■ Data supplied:
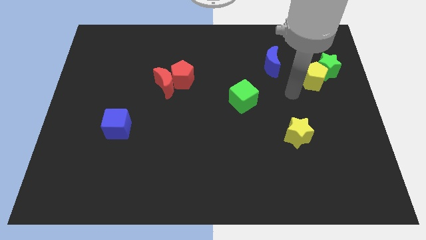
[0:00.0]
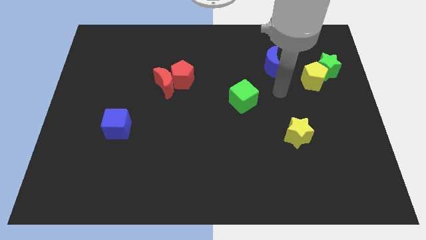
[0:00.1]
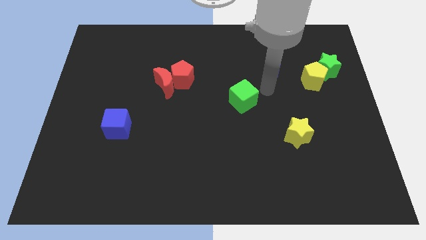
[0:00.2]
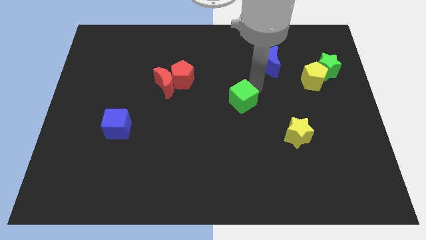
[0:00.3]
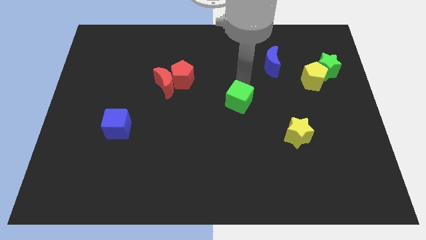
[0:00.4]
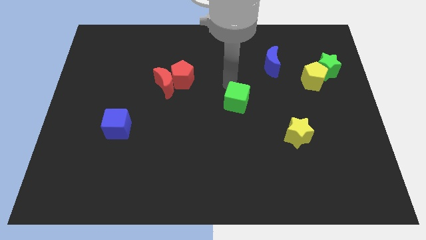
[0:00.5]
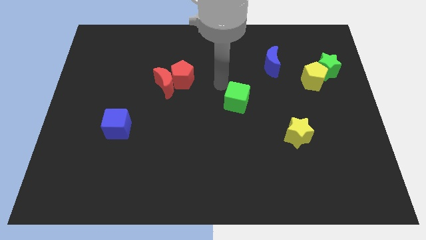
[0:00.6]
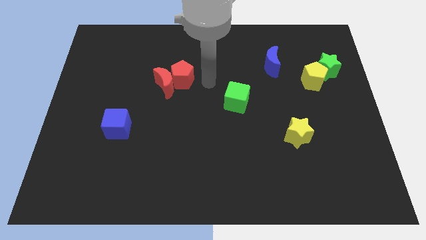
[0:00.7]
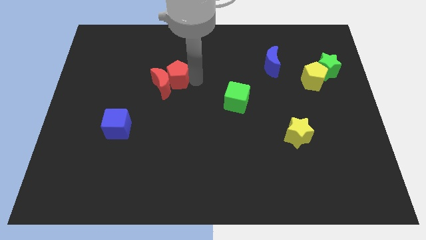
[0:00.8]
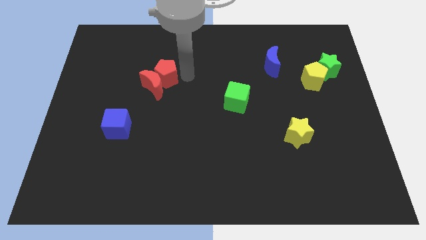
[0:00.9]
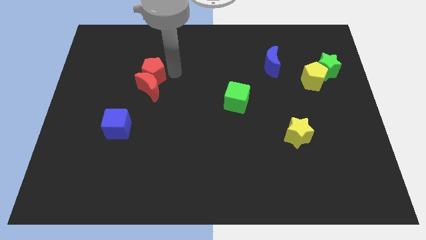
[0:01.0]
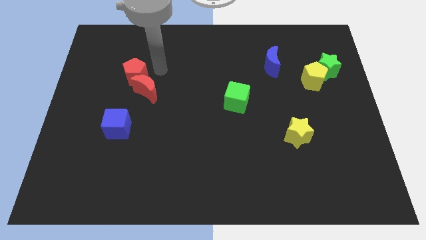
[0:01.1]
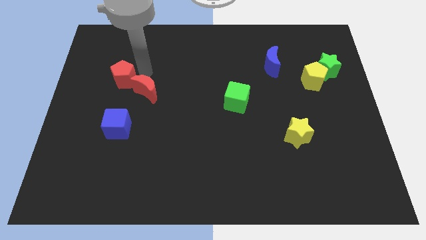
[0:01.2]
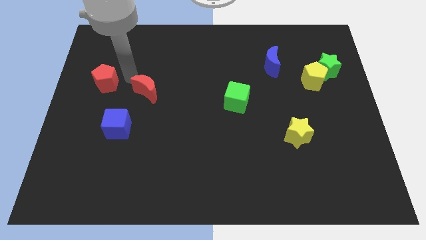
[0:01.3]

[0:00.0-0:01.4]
pull the red moon apart from the red pentagon

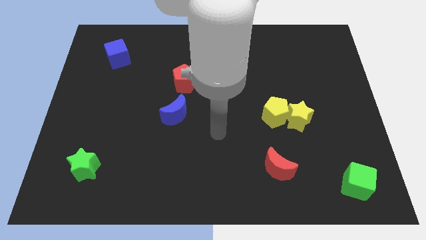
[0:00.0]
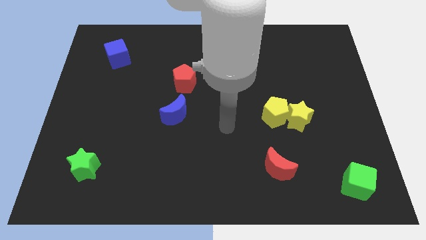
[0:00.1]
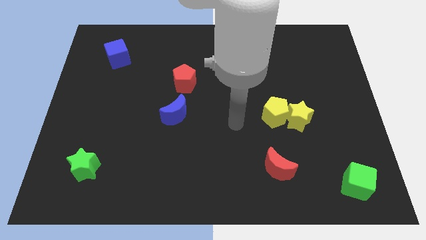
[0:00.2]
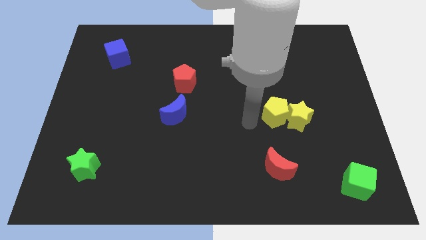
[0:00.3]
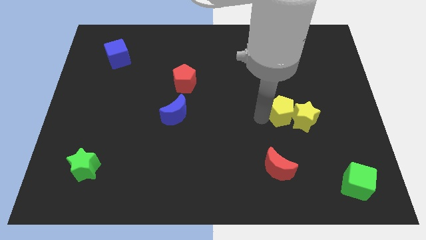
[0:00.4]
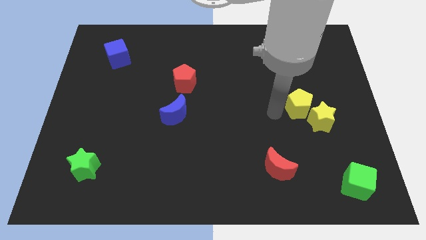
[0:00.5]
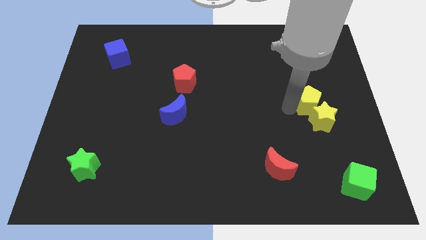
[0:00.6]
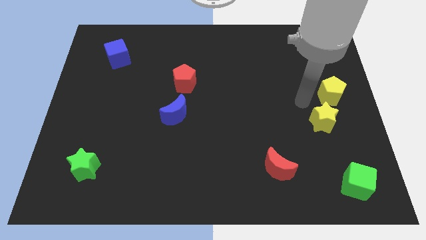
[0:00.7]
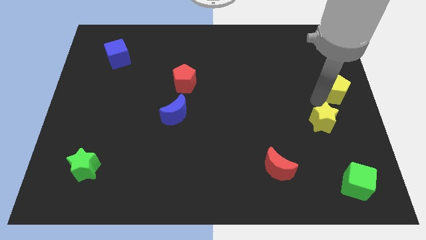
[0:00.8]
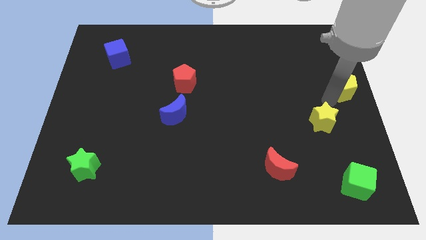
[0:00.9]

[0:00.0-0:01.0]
move the yellow star away from the yellow pentagon

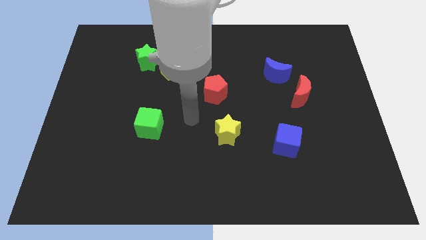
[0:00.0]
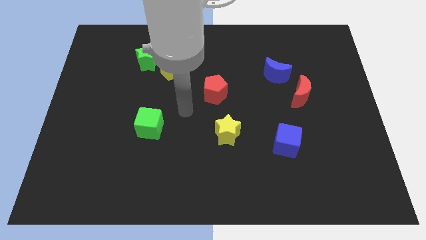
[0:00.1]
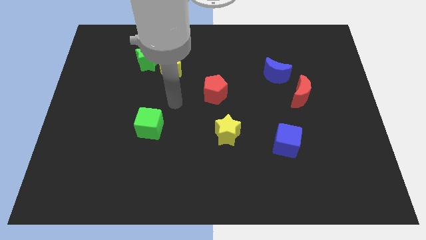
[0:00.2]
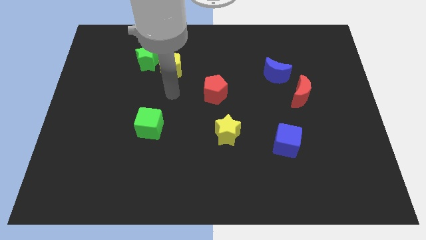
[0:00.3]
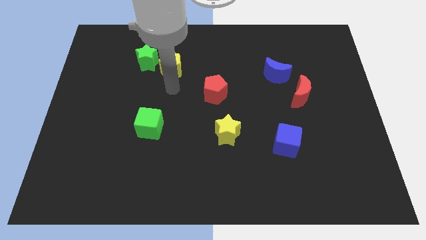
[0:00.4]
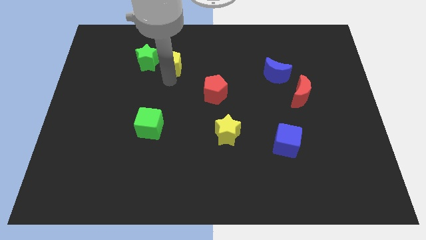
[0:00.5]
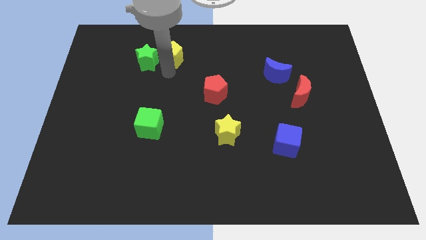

■ The problem: The job is to return the listing above exactly, minus its pictures.

■ Result below:
[0:00.0]
[0:00.1]
[0:00.2]
[0:00.3]
[0:00.4]
[0:00.5]
[0:00.6]
[0:00.7]
[0:00.8]
[0:00.9]
[0:01.0]
[0:01.1]
[0:01.2]
[0:01.3]

[0:00.0-0:01.4]
pull the red moon apart from the red pentagon

[0:00.0]
[0:00.1]
[0:00.2]
[0:00.3]
[0:00.4]
[0:00.5]
[0:00.6]
[0:00.7]
[0:00.8]
[0:00.9]

[0:00.0-0:01.0]
move the yellow star away from the yellow pentagon

[0:00.0]
[0:00.1]
[0:00.2]
[0:00.3]
[0:00.4]
[0:00.5]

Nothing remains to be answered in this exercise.